Finding a Set Which Spans a Given Set

Question

Write down a finite set X of elements of V which spans W.

W = $\{p \in \Bbb R_3[x] |$ the sum of the coefficients of p is zero$\}$, $V =\Bbb R_3[x]$

I don't even know where to begin on this one. I've looked around the forum and every similar question references a bunch of stuff I don't know. For reference, this is my first time taking Linear Algebra and doing any sort of work with sets and spaces. I've done the following work:

$p_1 = a_0 + a_1x + a_2x^2 + a_3x^3, a_0 + a_1 + a_2 +a_3 = 0$

That's just one element of the set. Any help would be appreciated, thanks!

Answer 1

The condition given for $p=ax^3+bx^2+cx+d\in W$ is

$$a+b+c+d=0\implies d=-a-b-c$$

then

$$p=ax^3+bx^2+cx-a-b-c=a(x^3-1)+b(x^2-1)+c(x-1)$$

thus a basis for W is given by $$X=\{x-1,x^2-1,x^3-1\}$$

Answer 2

You can take $X=\{x-1,x^2-1,x^3-1\}$. Obviously, $X\subset W$, and therefore $\langle X\rangle\subset W$. Now, prove that any element of $W$ is a linear combination of elements of $X$ and you're done.

Answer 3

One way to begin:

Observe that if we define the linear functional

$$\;\phi: \Bbb R_3[x]\to\Bbb R\;,\;\;\phi(a_0+a_1x+\ldots+a_3x^3):=\sum_{k=0}^3a_k$$

then we get $\;W=\ker\phi\;$ , which automatically makes $\;W\;$ a hyperspace in $\;\Bbb R_3[x]\;$ since clearly $\;\phi\neq0\;$ , and thus $\;\dim K=\dim\Bbb R_3[x]-1=3\;$ , and you already know you're looking for $\;3\;$ linearly independent vectors in $\;W\;$.
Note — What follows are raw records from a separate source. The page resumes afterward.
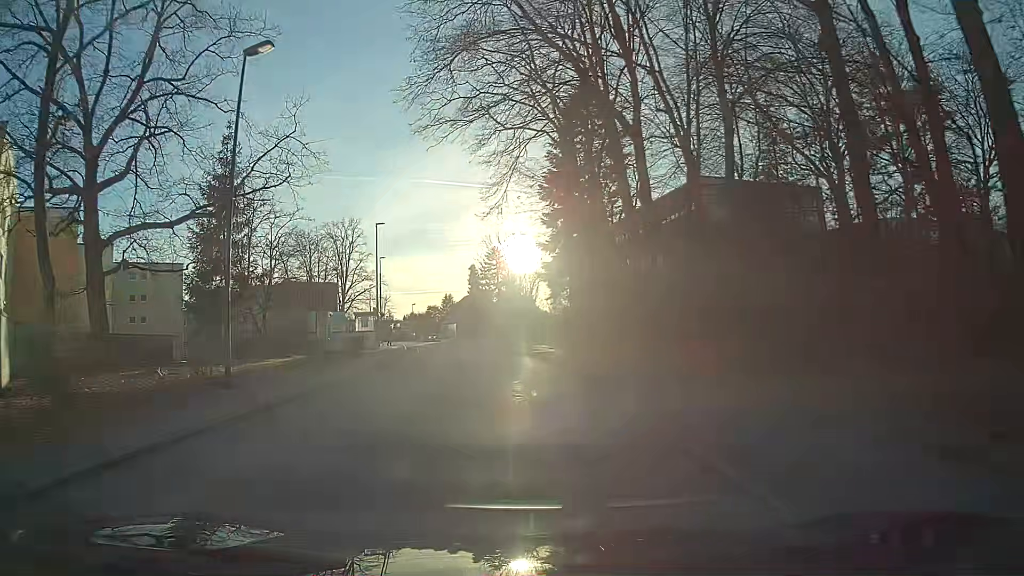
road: residential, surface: asphalt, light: Day
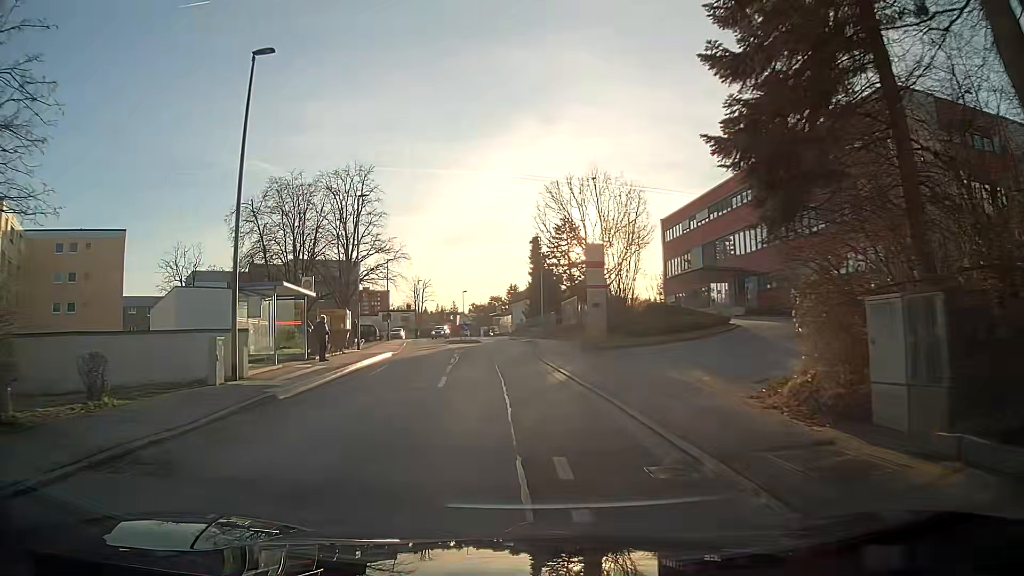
(-1.6, +28.7) m; -7°
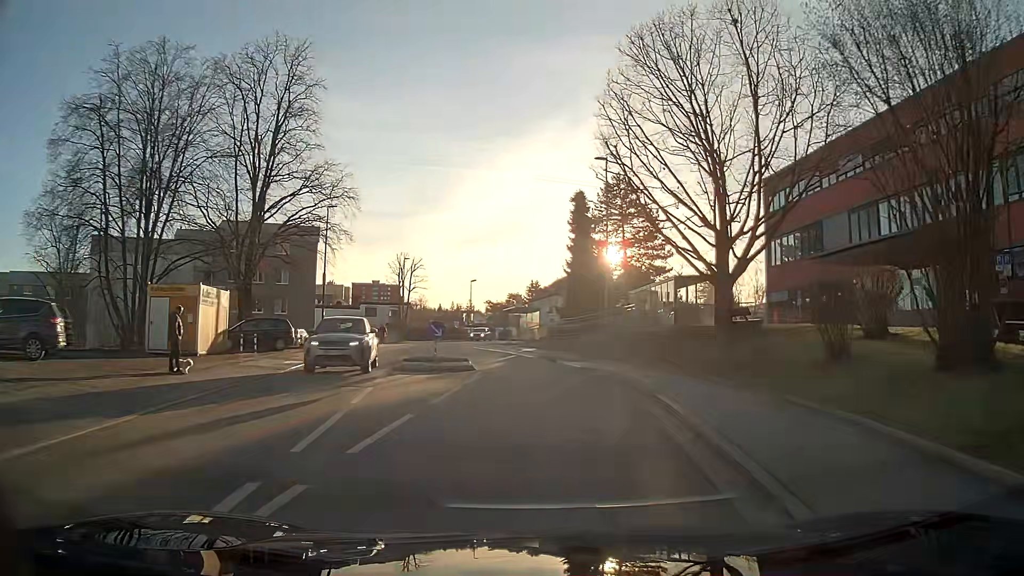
(-0.9, +29.9) m; 0°
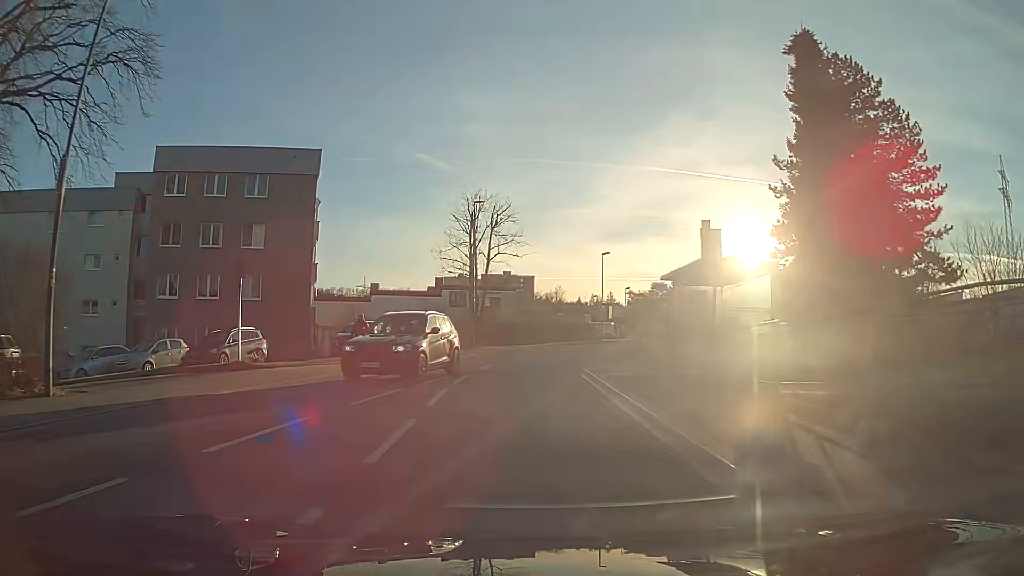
(-2.3, +29.6) m; -12°
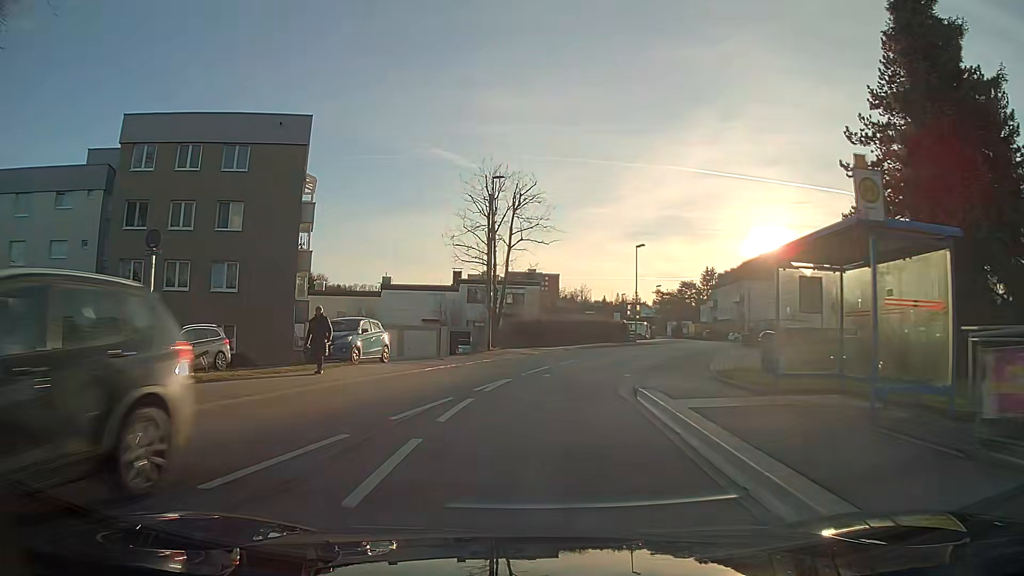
(-0.1, +6.2) m; -2°
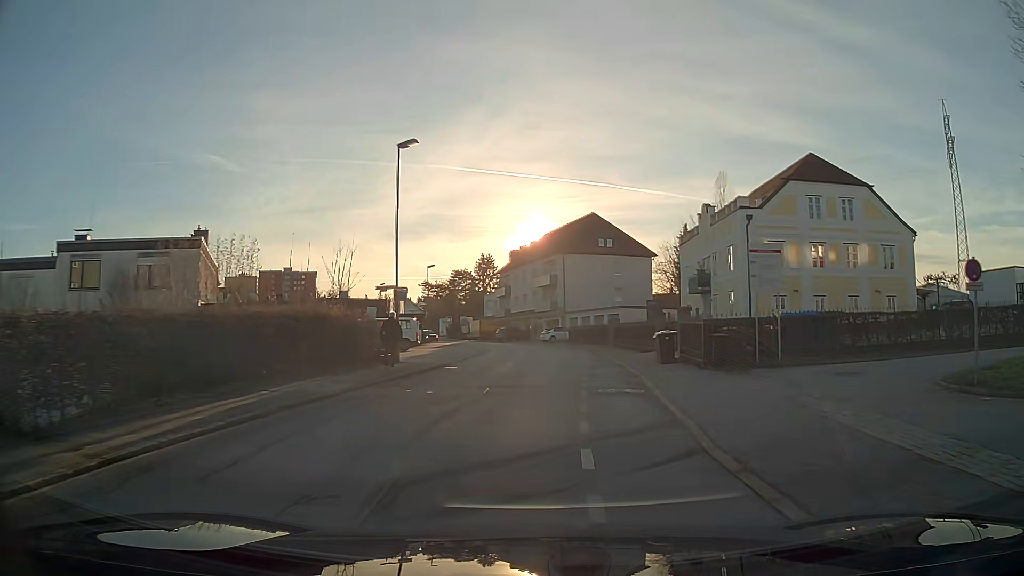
(+5.5, +32.0) m; +21°
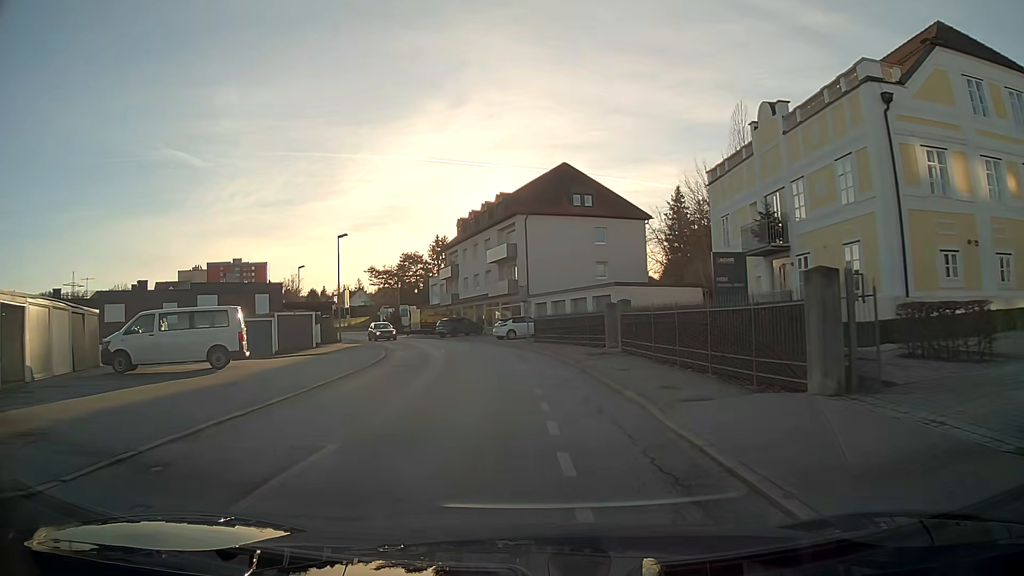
(+0.4, +20.5) m; +1°
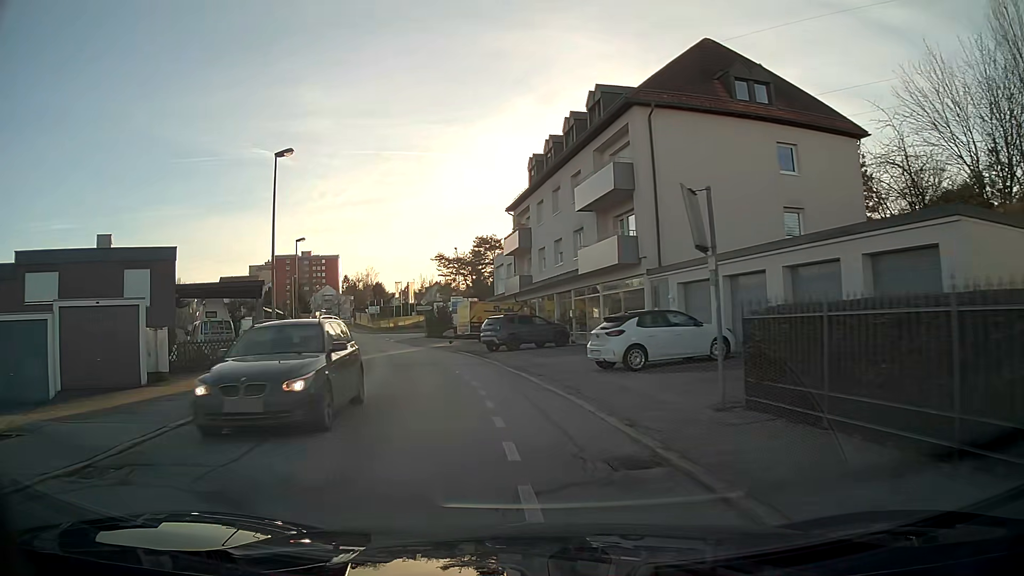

Now, $\;\sum\limits_{k=0}^3a_k=0\implies a_0=-a_1-a_2-a_3\;$ , so you can choose:

$$\begin{cases}\text{First}\,,\;\;a_1=-1\,,\,\,a_2=a_3=0\implies a_0=1\implies 1-x\\{}\\ \text{Second}\,,\;\;a_1=a_3=0,=,a_2=-1\implies a_0=1\implies 1-x^2\\{}\\\text{Third}\;\ldots\end{cases}$$

and I'll leave for you the third one...

Caution: You must be sure you can prove that the three vectors obtained as above are linearly independent.